* _Exercise description_
Retype the data below exactly, skipping pictures.

* _Provided information_
BEGIN
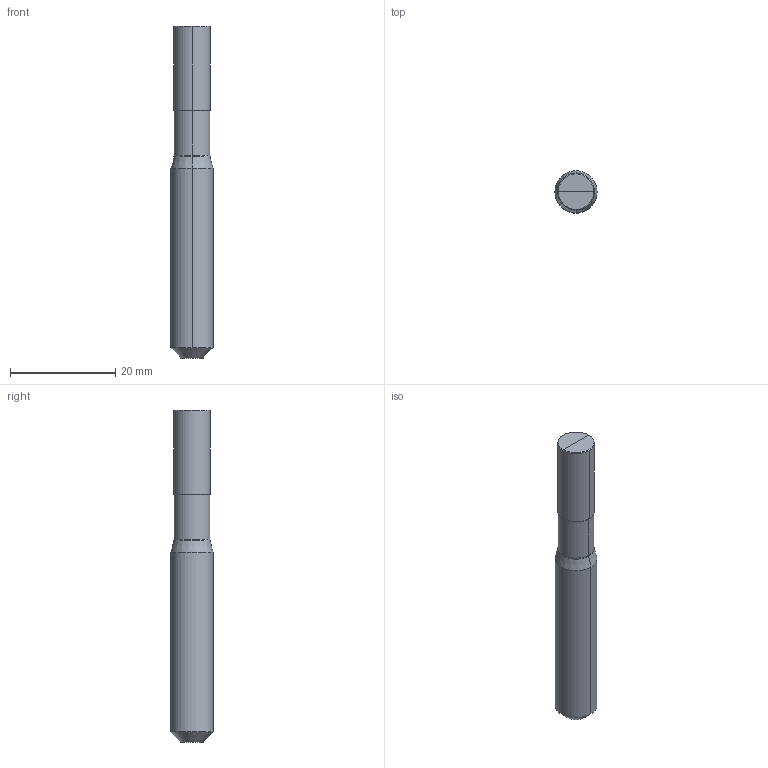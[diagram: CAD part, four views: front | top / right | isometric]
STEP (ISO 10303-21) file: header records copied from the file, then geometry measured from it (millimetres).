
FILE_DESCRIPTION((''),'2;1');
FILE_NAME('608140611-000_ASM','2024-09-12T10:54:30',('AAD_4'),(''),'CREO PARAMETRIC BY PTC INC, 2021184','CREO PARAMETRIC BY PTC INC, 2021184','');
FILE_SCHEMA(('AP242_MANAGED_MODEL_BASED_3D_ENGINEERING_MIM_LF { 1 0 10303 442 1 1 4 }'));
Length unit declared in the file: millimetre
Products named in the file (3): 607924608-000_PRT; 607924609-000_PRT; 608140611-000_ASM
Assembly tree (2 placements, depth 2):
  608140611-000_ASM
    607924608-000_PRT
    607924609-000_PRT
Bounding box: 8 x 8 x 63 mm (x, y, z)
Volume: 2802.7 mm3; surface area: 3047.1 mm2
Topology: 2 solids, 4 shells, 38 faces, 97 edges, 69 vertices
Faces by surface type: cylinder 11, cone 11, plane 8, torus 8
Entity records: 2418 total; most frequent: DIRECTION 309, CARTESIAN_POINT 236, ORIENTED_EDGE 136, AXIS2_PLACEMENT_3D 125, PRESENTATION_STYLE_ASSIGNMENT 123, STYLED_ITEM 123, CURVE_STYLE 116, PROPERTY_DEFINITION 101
END
* _Exercise solution_
[diagram: CAD part, four views: front | top / right | isometric]
STEP (ISO 10303-21) file: header records copied from the file, then geometry measured from it (millimetres).
FILE_DESCRIPTION((''),'2;1');
FILE_NAME('608140611-000_ASM','2024-09-12T10:54:30',('AAD_4'),(''),'CREO PARAMETRIC BY PTC INC, 2021184','CREO PARAMETRIC BY PTC INC, 2021184','');
FILE_SCHEMA(('AP242_MANAGED_MODEL_BASED_3D_ENGINEERING_MIM_LF { 1 0 10303 442 1 1 4 }'));
Length unit declared in the file: millimetre
Products named in the file (3): 607924608-000_PRT; 607924609-000_PRT; 608140611-000_ASM
Assembly tree (2 placements, depth 2):
  608140611-000_ASM
    607924608-000_PRT
    607924609-000_PRT
Bounding box: 8 x 8 x 63 mm (x, y, z)
Volume: 2802.7 mm3; surface area: 3047.1 mm2
Topology: 2 solids, 4 shells, 38 faces, 97 edges, 69 vertices
Faces by surface type: cylinder 11, cone 11, plane 8, torus 8
Entity records: 2418 total; most frequent: DIRECTION 309, CARTESIAN_POINT 236, ORIENTED_EDGE 136, AXIS2_PLACEMENT_3D 125, PRESENTATION_STYLE_ASSIGNMENT 123, STYLED_ITEM 123, CURVE_STYLE 116, PROPERTY_DEFINITION 101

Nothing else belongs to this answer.